• What you should do: Leaving all pictures aside, copy exactly the lines from the start of the listing below through the line that contains "[00:02:17.600]", and only those lines.
=== Begin Enclosure ===
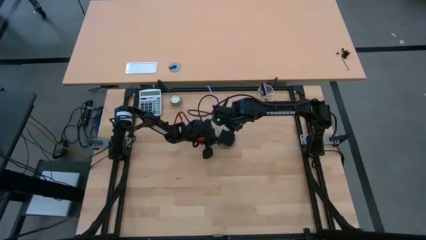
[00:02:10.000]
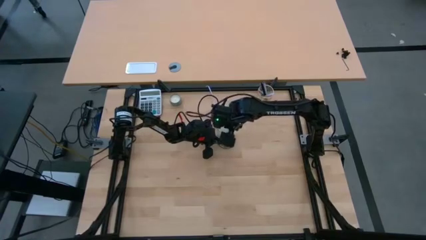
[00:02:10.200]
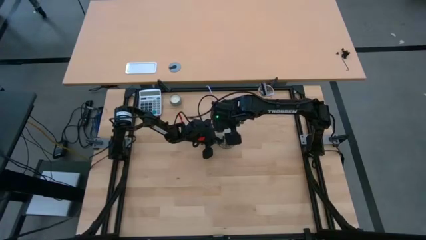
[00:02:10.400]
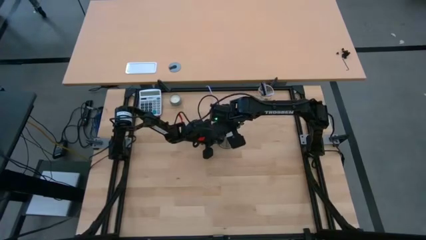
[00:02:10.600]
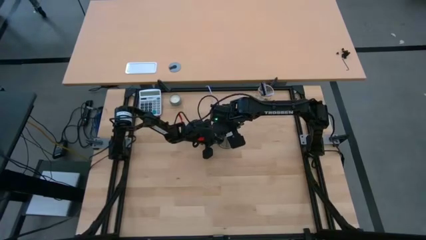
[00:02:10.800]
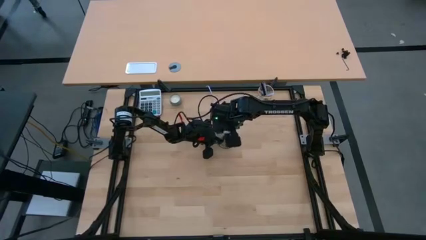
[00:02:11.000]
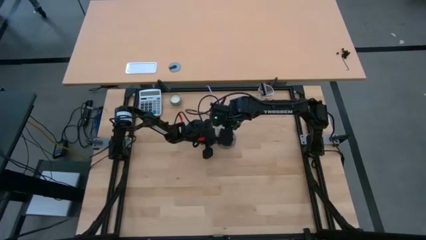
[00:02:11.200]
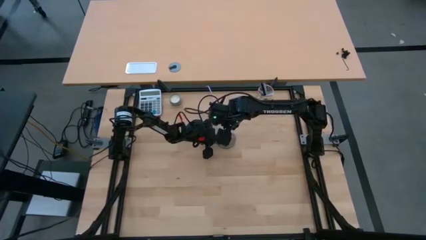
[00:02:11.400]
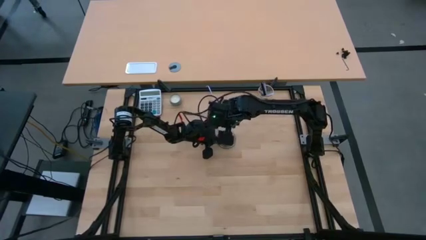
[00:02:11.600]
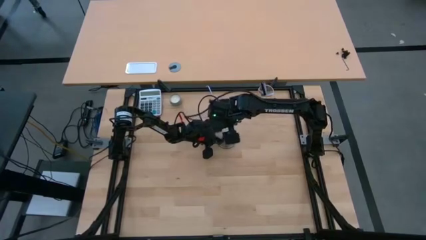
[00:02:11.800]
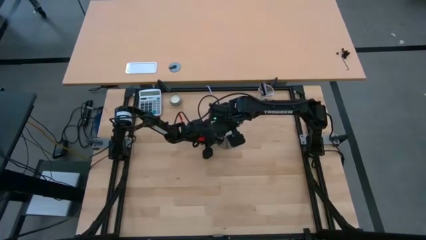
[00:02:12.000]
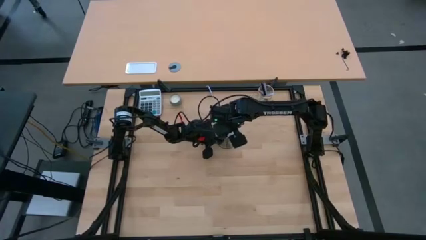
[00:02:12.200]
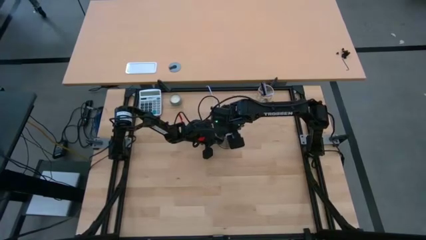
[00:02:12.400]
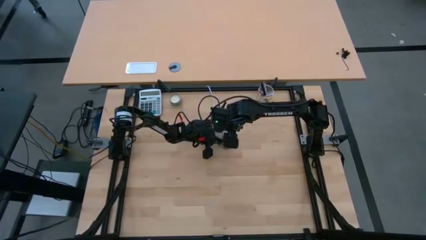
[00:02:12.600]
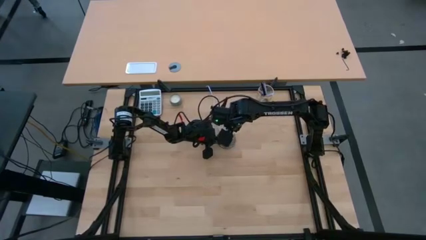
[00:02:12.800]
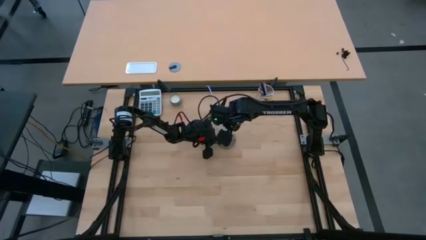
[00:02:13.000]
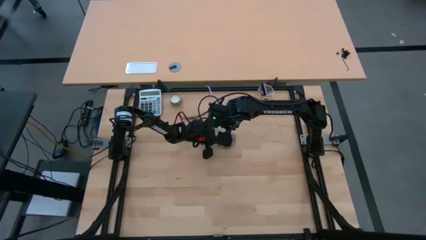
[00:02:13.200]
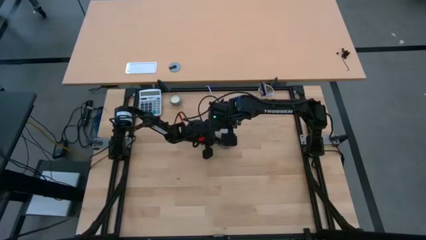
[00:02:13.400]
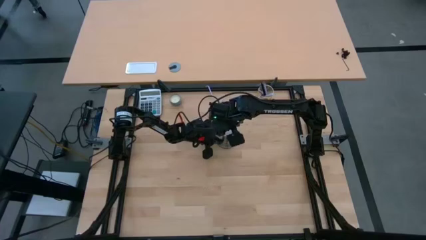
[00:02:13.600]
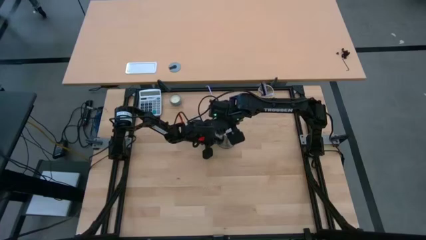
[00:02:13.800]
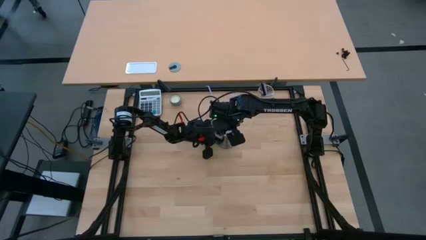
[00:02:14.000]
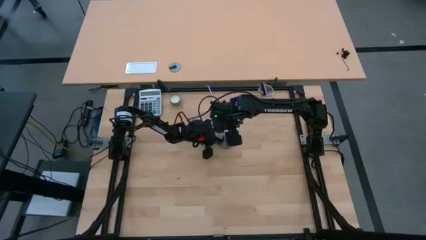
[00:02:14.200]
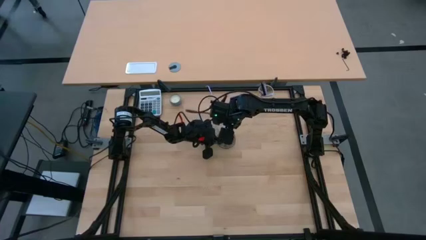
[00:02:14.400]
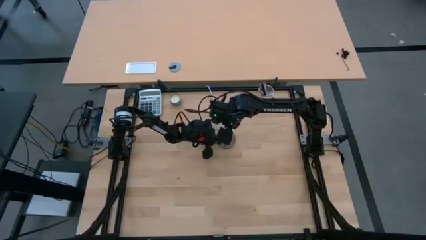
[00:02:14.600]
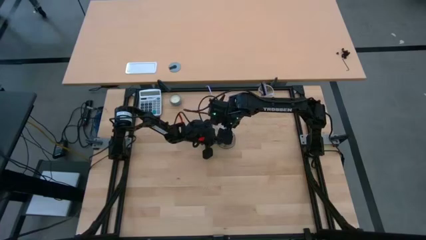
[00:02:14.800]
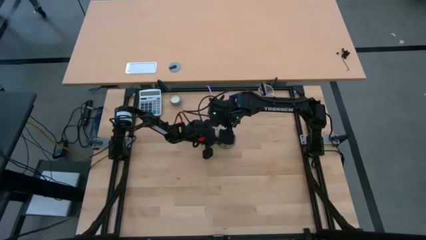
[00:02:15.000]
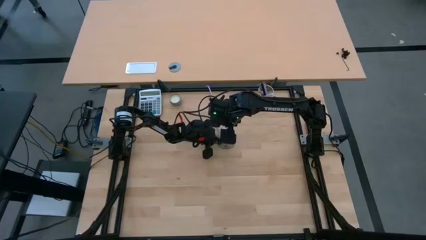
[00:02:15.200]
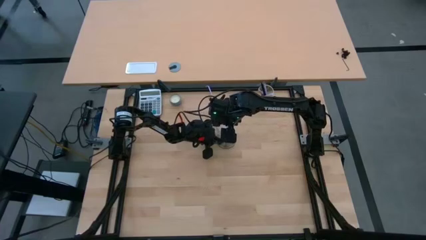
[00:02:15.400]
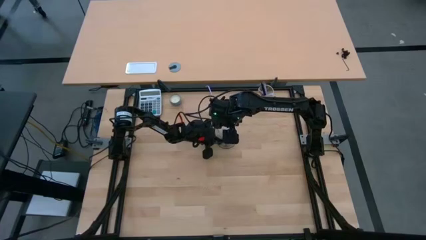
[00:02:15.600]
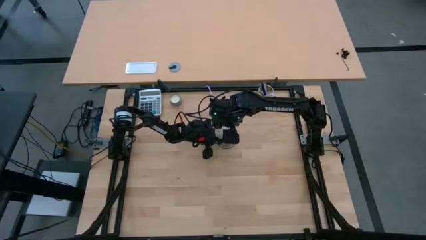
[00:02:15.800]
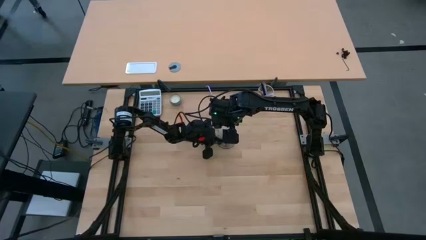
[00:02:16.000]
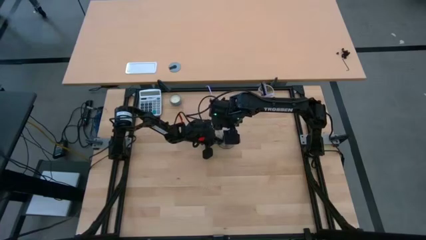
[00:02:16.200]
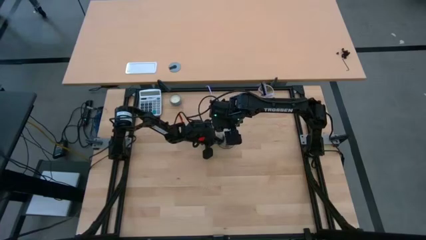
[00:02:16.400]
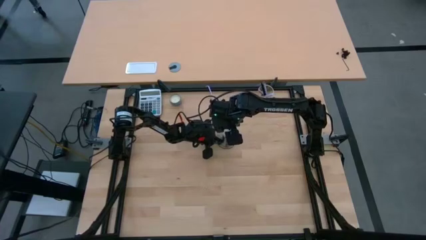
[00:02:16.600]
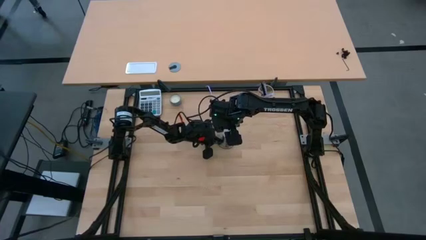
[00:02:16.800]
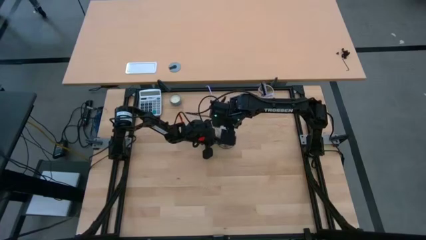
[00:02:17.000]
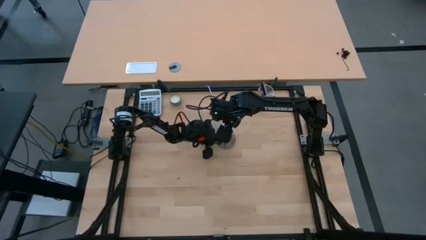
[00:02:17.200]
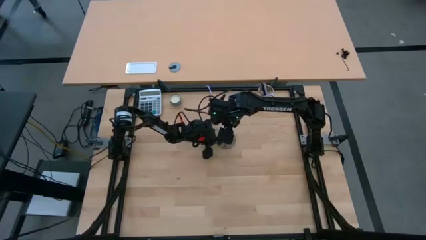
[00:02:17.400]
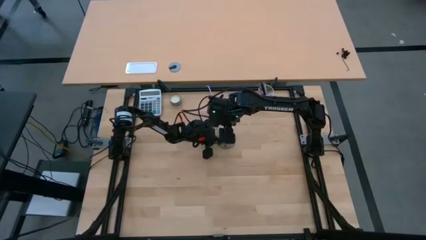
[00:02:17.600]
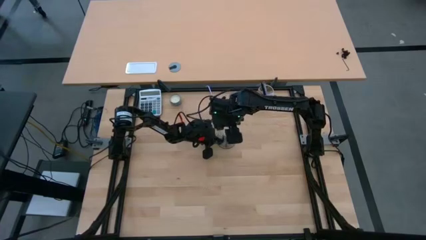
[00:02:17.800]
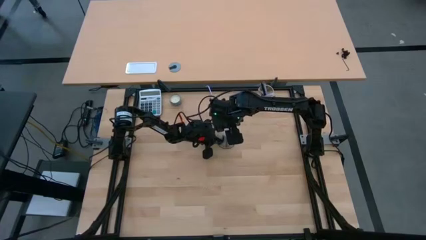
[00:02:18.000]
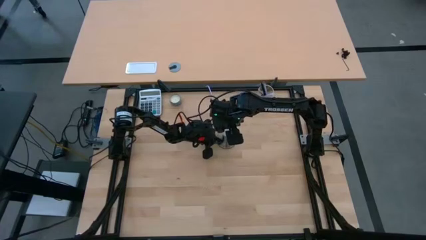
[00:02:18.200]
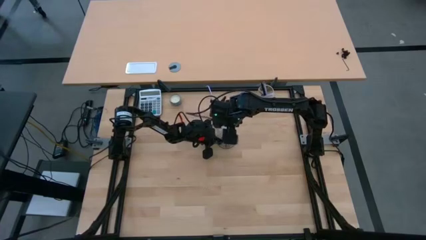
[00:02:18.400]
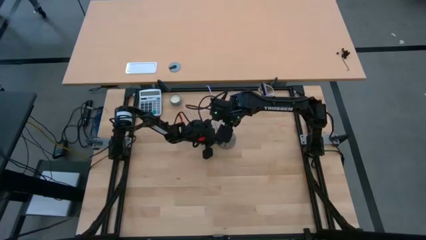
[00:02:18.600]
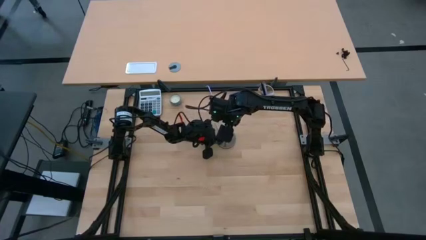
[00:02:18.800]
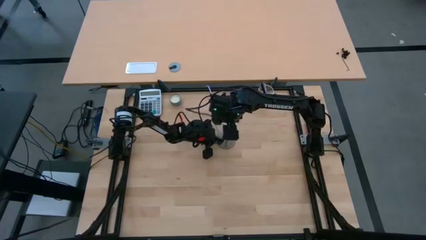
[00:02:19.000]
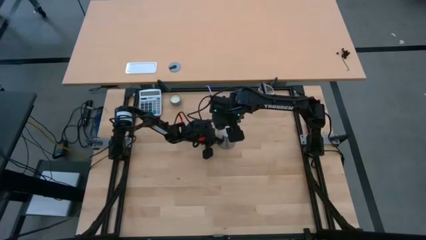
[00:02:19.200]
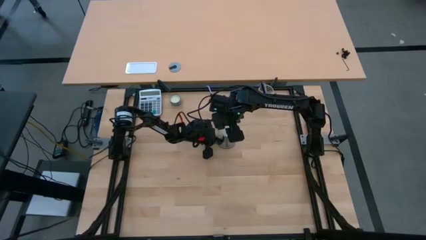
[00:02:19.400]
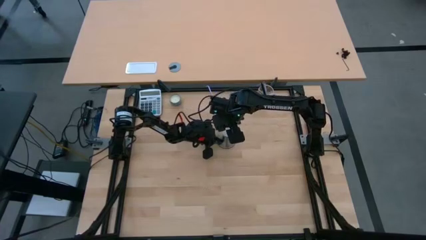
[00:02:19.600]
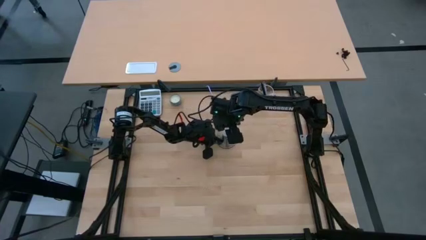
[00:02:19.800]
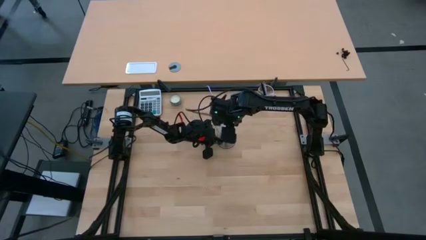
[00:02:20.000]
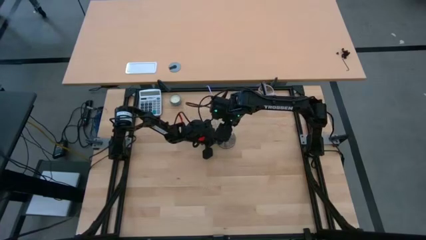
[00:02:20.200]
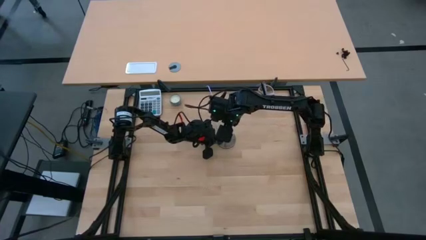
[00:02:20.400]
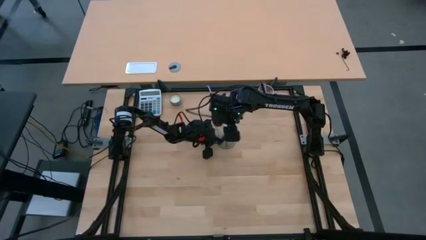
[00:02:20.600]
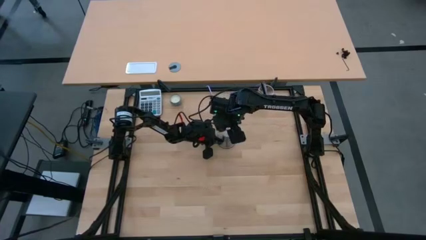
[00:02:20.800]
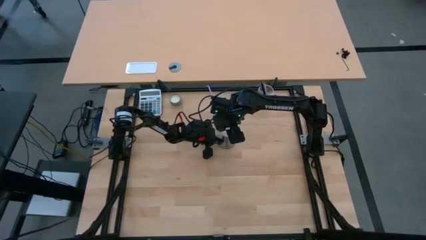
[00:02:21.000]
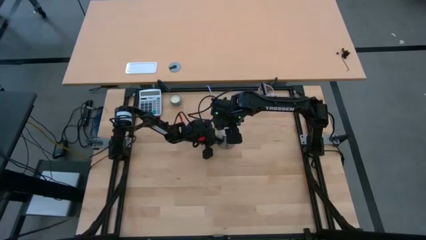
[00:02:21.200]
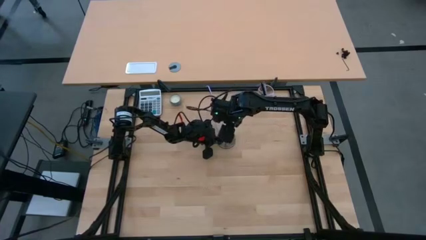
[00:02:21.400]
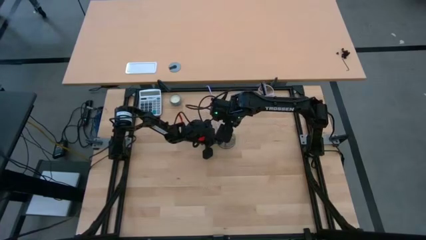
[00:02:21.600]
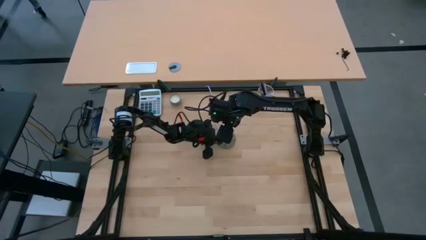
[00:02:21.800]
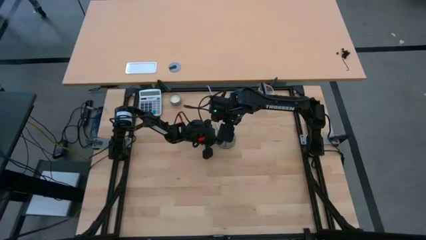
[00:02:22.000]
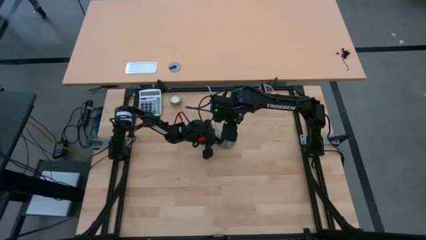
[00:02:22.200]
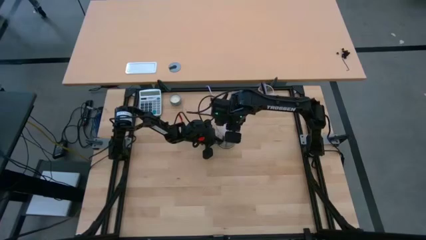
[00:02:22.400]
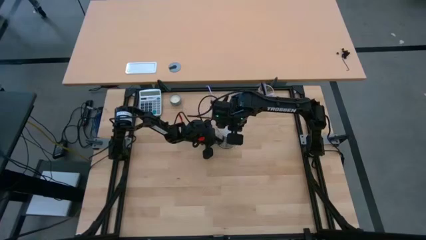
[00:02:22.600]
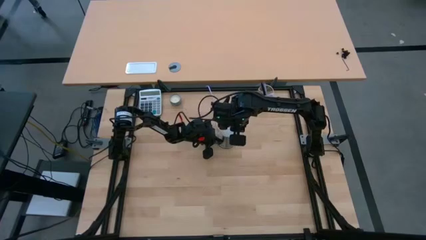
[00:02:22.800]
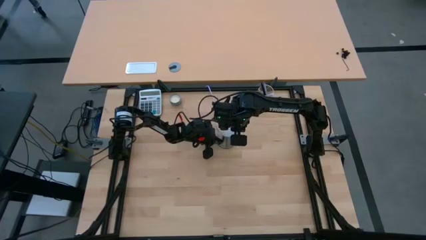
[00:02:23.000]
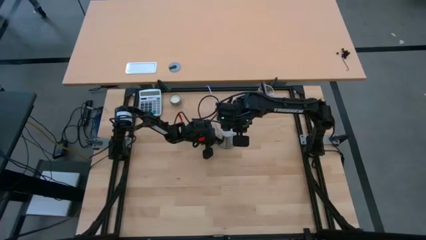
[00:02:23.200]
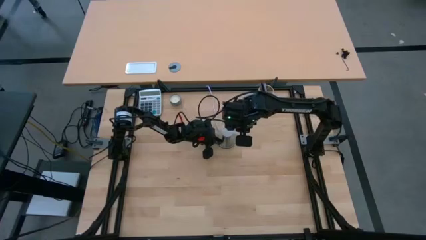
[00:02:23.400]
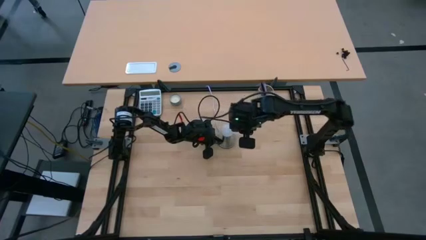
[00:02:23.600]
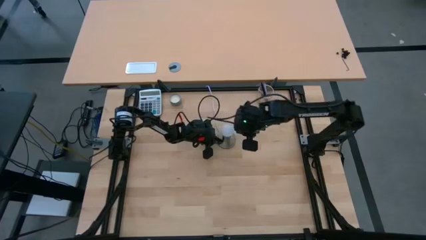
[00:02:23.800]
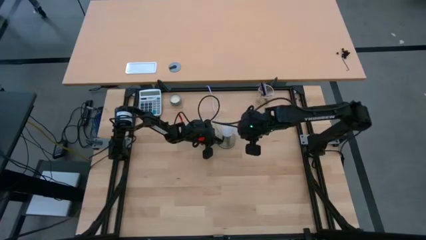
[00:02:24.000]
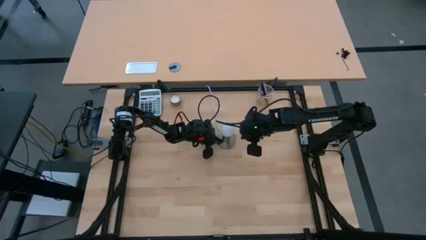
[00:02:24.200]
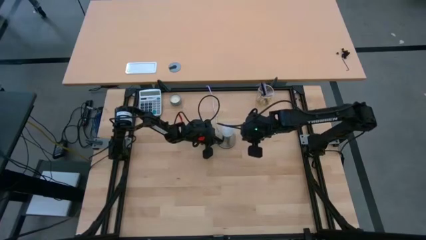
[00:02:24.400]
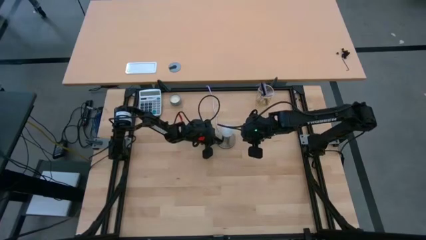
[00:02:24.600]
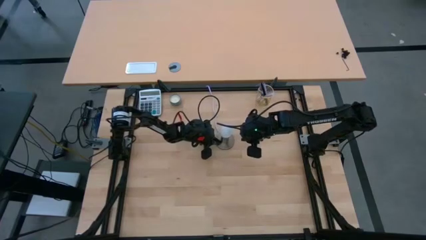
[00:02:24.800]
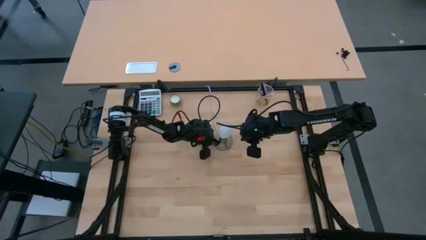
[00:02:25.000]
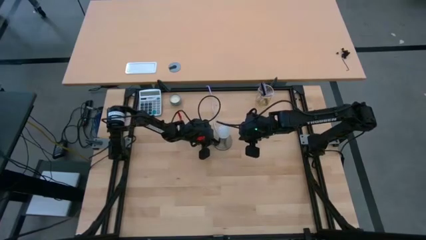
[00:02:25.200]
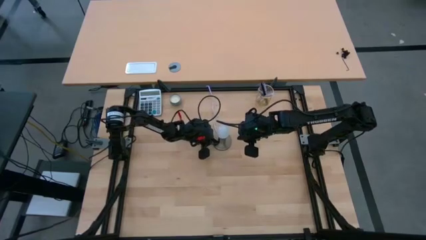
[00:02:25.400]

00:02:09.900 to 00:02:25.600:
Task: Screw lightbulb
Insert the lightbulb into the lamp
=== End Enclosure ===
• Worked solution:
[00:02:10.000]
[00:02:10.200]
[00:02:10.400]
[00:02:10.600]
[00:02:10.800]
[00:02:11.000]
[00:02:11.200]
[00:02:11.400]
[00:02:11.600]
[00:02:11.800]
[00:02:12.000]
[00:02:12.200]
[00:02:12.400]
[00:02:12.600]
[00:02:12.800]
[00:02:13.000]
[00:02:13.200]
[00:02:13.400]
[00:02:13.600]
[00:02:13.800]
[00:02:14.000]
[00:02:14.200]
[00:02:14.400]
[00:02:14.600]
[00:02:14.800]
[00:02:15.000]
[00:02:15.200]
[00:02:15.400]
[00:02:15.600]
[00:02:15.800]
[00:02:16.000]
[00:02:16.200]
[00:02:16.400]
[00:02:16.600]
[00:02:16.800]
[00:02:17.000]
[00:02:17.200]
[00:02:17.400]
[00:02:17.600]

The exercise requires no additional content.